6. Multi-Aligned Saudi Defense Strategy
Today, the Saudi security doctrine mixes US partnership with diversified alliances, now including a mutual defense agreement with Pakistan inked in September 2025. This approach can insulate the kingdom from threats such as Iran by reducing overdependence on any single power. At the same time, Riyadh officials emphasize that such alliances must complement and not conflict with US interoperability. An F-35 sale and a US defense pact would anchor Washington’s role as the central pillar in this multi-aligned strategy.

7. Technology and Economic Ambitions
Beyond defense, the program includes a Saudi-US Investment Summit on energy, infrastructure, and advanced technology. Riyadh has been pushing for access to cutting-edge semiconductors in addition to the May 2025 agreement to purchase chips from Nvidia. The technologies are viewed as key both to economic diversification and localization of Saudi defense production. According to Princess Reema bint Bandar, Saudi ambassador to the US, the modern alliance is “built on technology and innovation,” a shift from the traditional oil-and-defense foundation.

8. US Domestic and Congressional Calculations
Any defense or nuclear deal with the Saudis will face close scrutiny on Capitol Hill, where lawmakers worry about human rights, proliferation risks, and what it all means for Israel’s security. A civil nuclear agreement would go into effect under the Atomic Energy Act unless Congress passes a resolution of disapproval a high bar to clear. Linking the deals to Saudi-Israeli normalization might enhance their prospects, as bipartisan support for such a breakthrough remains strong. Israeli acquiescence, or at least muted opposition, would also be a help.

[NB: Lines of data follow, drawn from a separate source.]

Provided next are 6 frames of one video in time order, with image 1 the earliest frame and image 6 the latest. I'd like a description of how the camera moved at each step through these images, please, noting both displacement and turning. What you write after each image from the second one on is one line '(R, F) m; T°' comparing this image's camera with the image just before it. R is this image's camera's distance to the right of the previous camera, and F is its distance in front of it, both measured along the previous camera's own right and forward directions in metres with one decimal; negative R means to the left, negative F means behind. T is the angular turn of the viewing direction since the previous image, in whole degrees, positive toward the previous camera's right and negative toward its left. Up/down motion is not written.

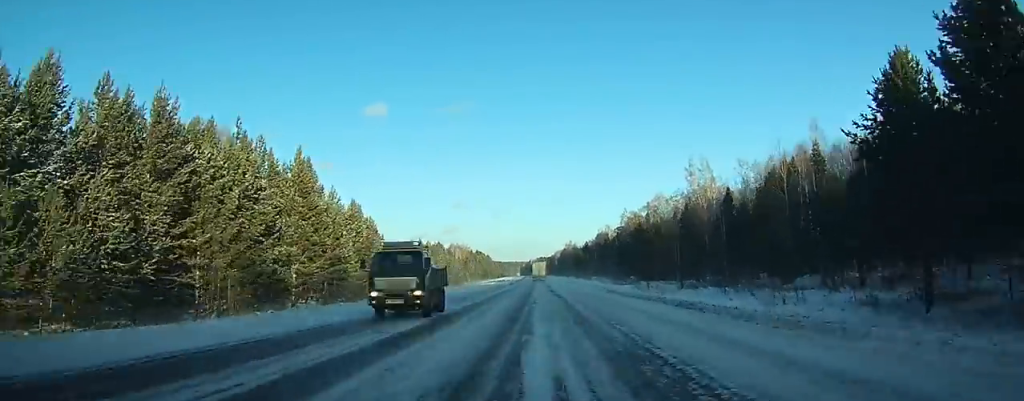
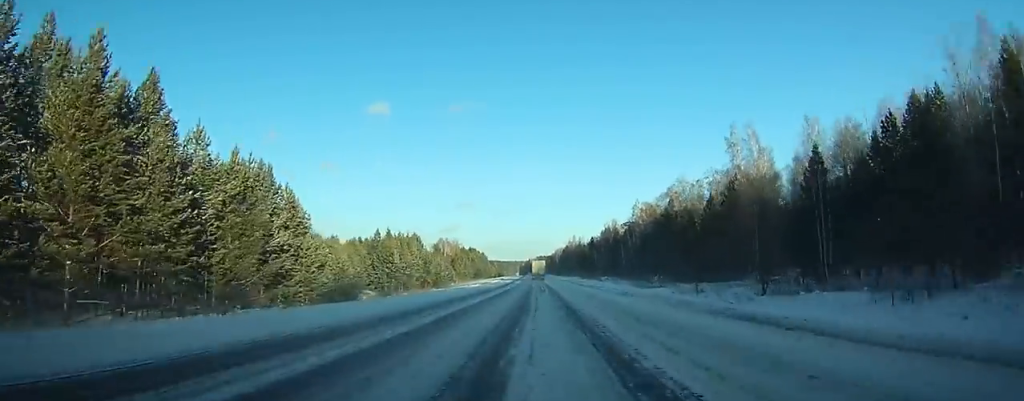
(0.0, +29.1) m; 0°
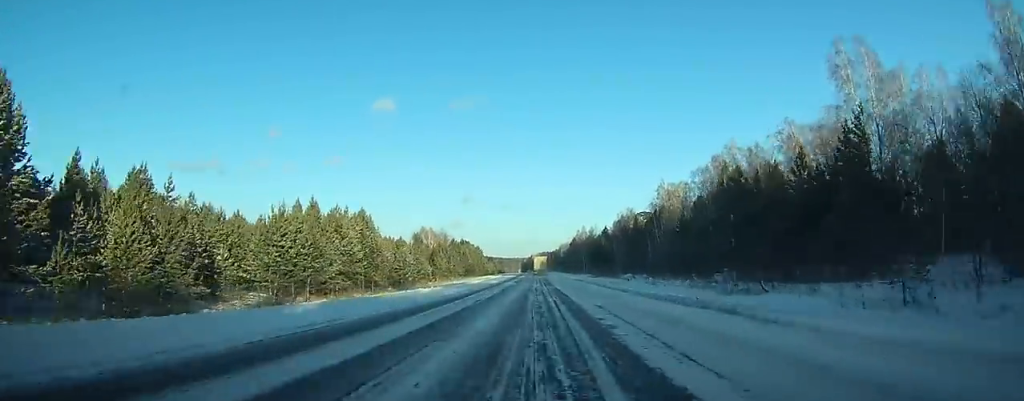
(0.0, +37.8) m; 0°
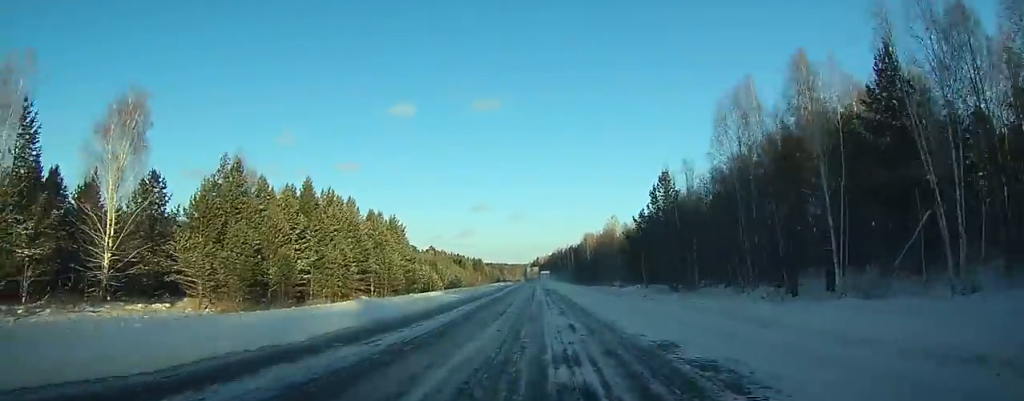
(-1.4, +162.7) m; -2°
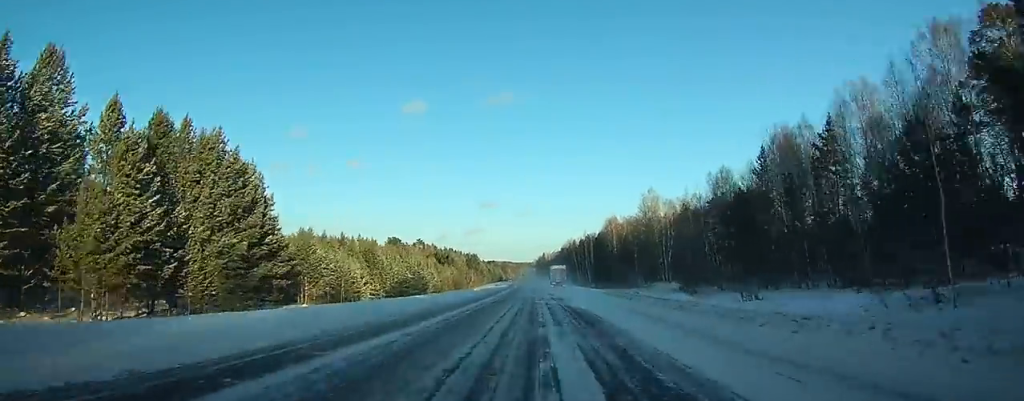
(-0.4, +61.2) m; 0°
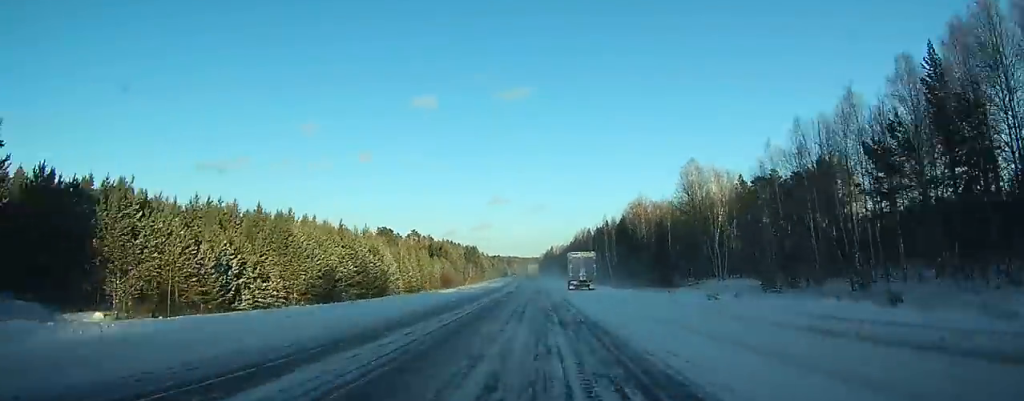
(0.0, +34.3) m; 0°

9. Timing Pressures and Electoral Politics
The window is rapidly narrowing for negotiators. US elections in 2026 complicate congressional approval for any binding security guarantees or politically sensitive arms sales while the ongoing Gaza conflict continues to delay agreement over Palestinian statehood further complicating an entire trilateral package. One idea on the table is going ahead independently with less controversial elements-like civil nuclear cooperation-and holding off on normalization and defense guarantees.

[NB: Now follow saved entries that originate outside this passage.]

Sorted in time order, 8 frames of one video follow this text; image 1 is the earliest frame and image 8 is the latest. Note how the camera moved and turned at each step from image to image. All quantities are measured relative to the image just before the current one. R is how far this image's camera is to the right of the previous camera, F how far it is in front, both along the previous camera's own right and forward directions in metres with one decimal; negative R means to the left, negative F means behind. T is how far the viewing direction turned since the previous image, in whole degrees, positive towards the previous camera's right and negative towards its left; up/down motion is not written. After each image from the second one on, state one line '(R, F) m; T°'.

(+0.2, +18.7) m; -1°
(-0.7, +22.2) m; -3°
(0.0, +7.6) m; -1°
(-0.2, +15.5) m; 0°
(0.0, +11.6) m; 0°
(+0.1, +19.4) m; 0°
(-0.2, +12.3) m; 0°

But this probably sacrifices the leverage that can be derived through bundling the agreements. More than just a ceremonial reaffirmation of ties, the Trump–bin Salman meeting represents a strategic inflection point. The interplay between advanced weapons sales, security guarantees, nuclear cooperation, and normalization diplomacy will influence not only US-Saudi relations but the regional balance of power. Whether Washington can satisfy Riyadh’s ambitions without undermining Israel’s qualitative edge-or its own non-proliferation principles-will determine if this visit is remembered as a breakthrough or a missed opportunity.